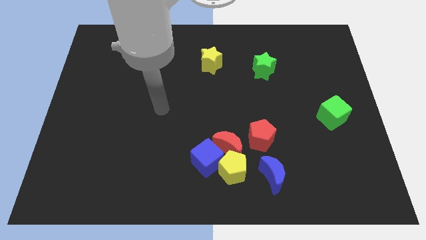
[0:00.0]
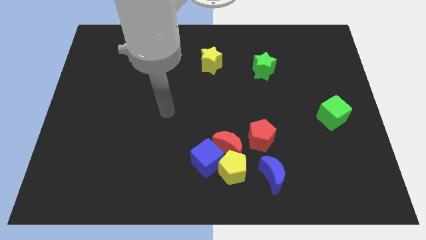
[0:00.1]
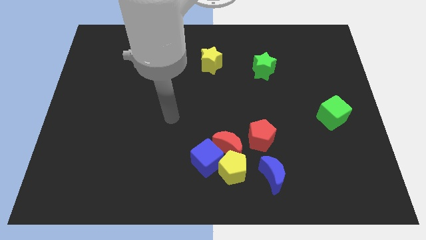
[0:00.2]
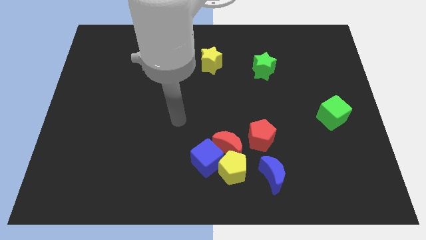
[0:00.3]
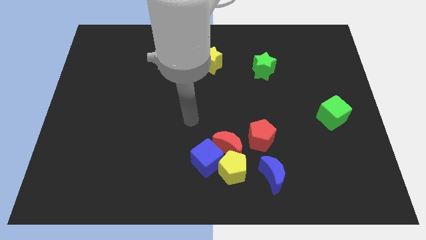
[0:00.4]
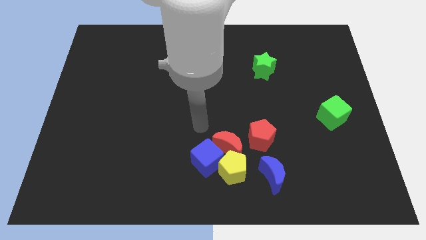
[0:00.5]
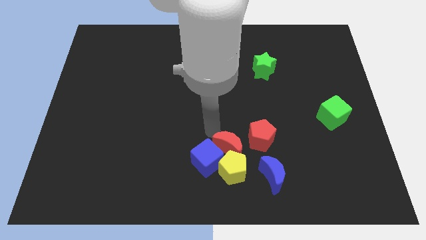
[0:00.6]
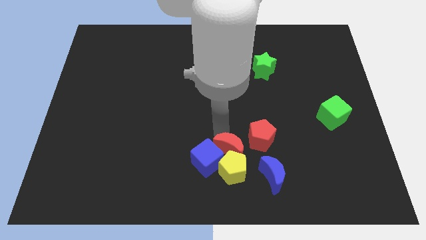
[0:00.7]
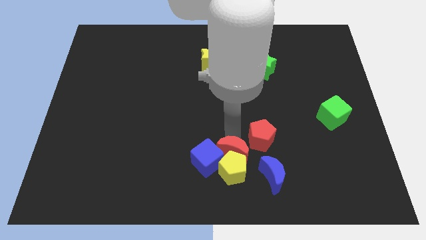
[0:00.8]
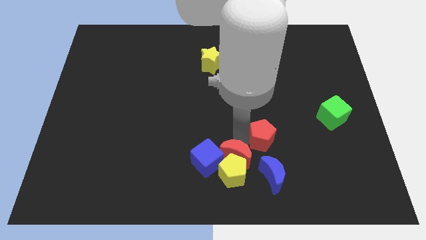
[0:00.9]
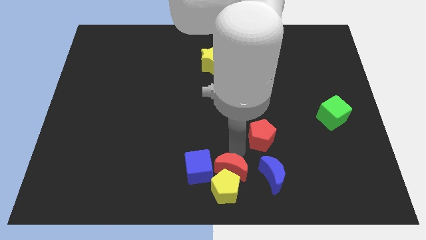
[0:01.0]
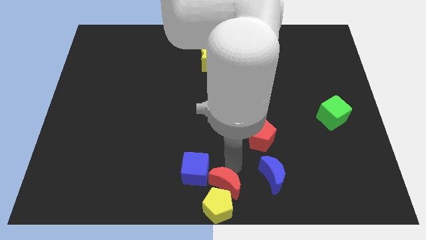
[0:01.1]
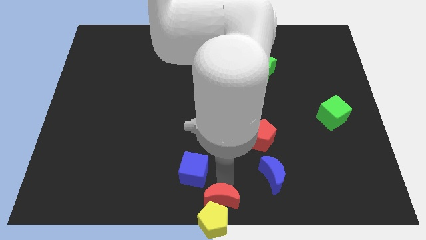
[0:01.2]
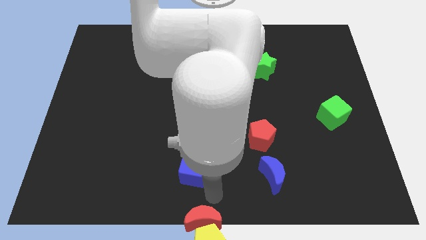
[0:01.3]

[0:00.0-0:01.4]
pull the blue cube apart from the red moon and yellow pentagon

| Exercise description |
The listing above is to be retyped exactly, with all pictures left out.

| Written answer |
[0:00.0]
[0:00.1]
[0:00.2]
[0:00.3]
[0:00.4]
[0:00.5]
[0:00.6]
[0:00.7]
[0:00.8]
[0:00.9]
[0:01.0]
[0:01.1]
[0:01.2]
[0:01.3]

[0:00.0-0:01.4]
pull the blue cube apart from the red moon and yellow pentagon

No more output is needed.